◆ Task to complete
What is needed here is each entry reproduced exactly, without its pictures.

◆ Records provided
◆ ◆ ◆ ◆ ◆

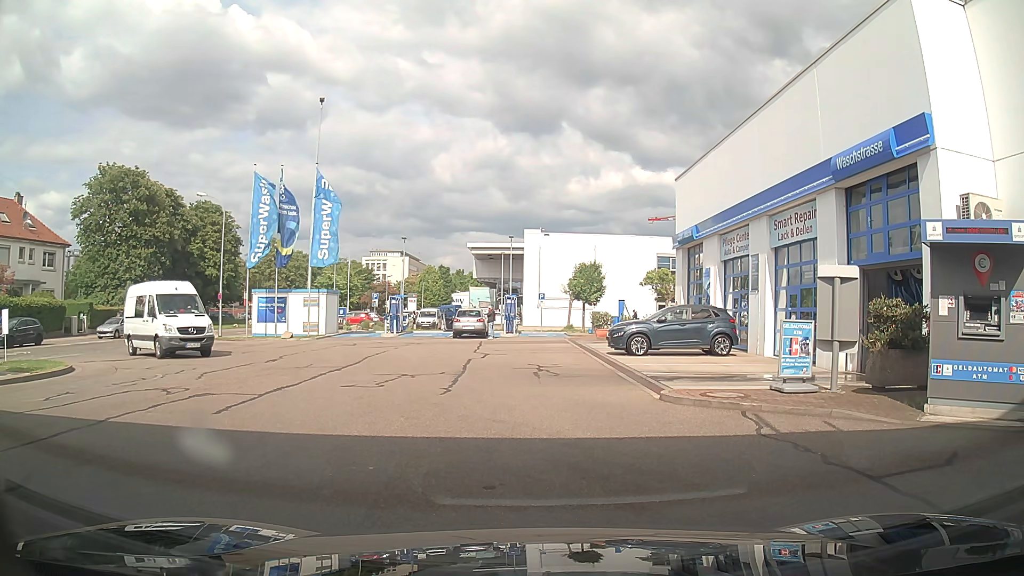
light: Day
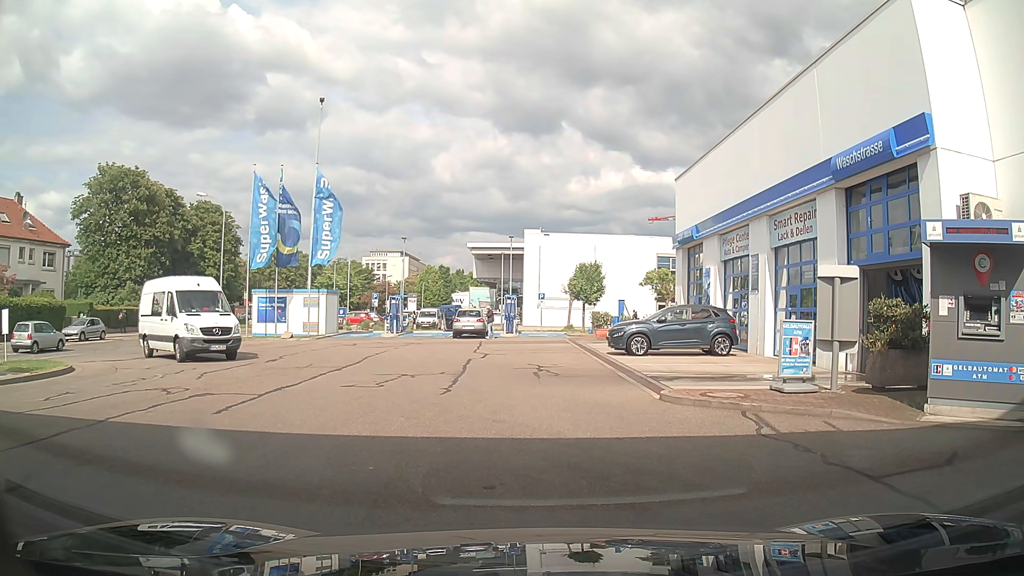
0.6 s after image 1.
(0.0, 0.0) m; 0°
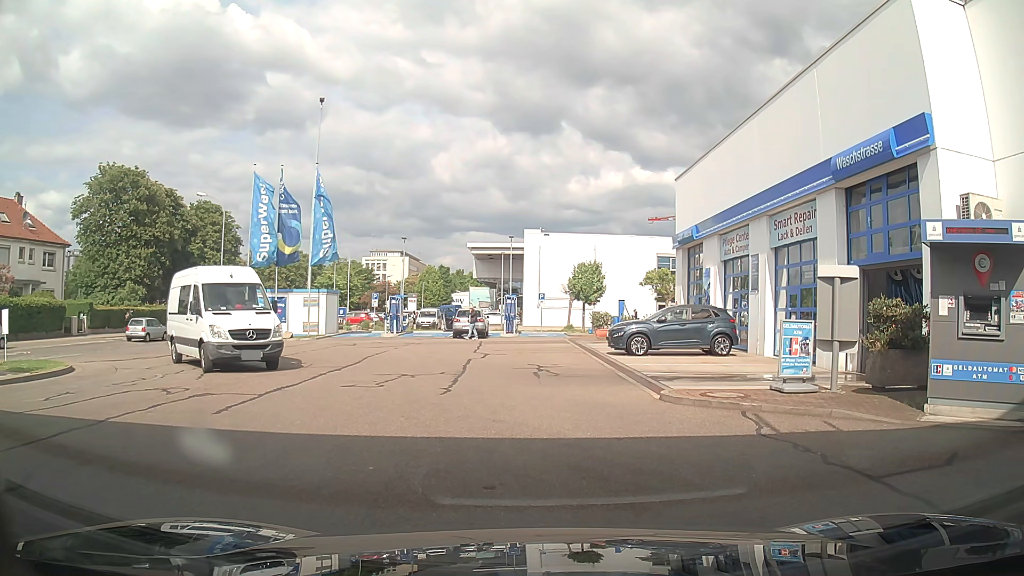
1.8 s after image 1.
(0.0, 0.0) m; 0°
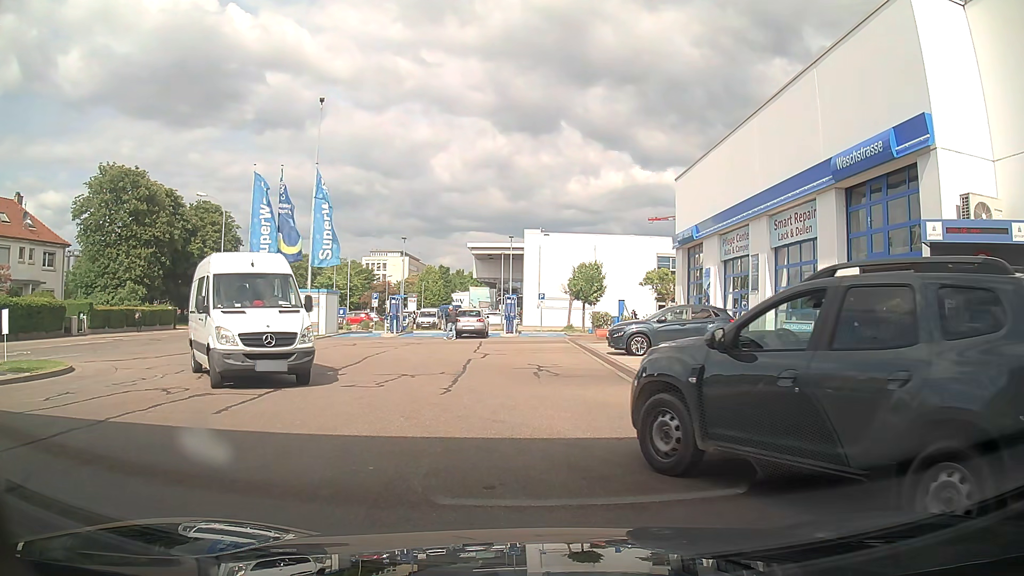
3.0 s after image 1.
(0.0, 0.0) m; 0°
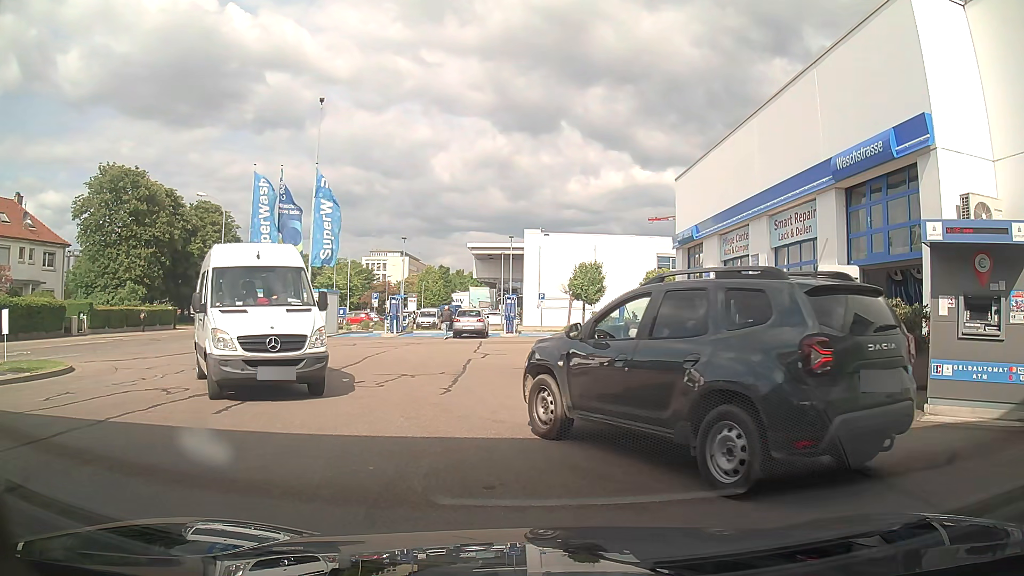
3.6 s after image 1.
(0.0, 0.0) m; 0°

◆ ◆ ◆ ◆ ◆

◆ Solution to the exercise
light: Day
0.6 s after image 1.
(0.0, 0.0) m; 0°
1.8 s after image 1.
(0.0, 0.0) m; 0°
3.0 s after image 1.
(0.0, 0.0) m; 0°
3.6 s after image 1.
(0.0, 0.0) m; 0°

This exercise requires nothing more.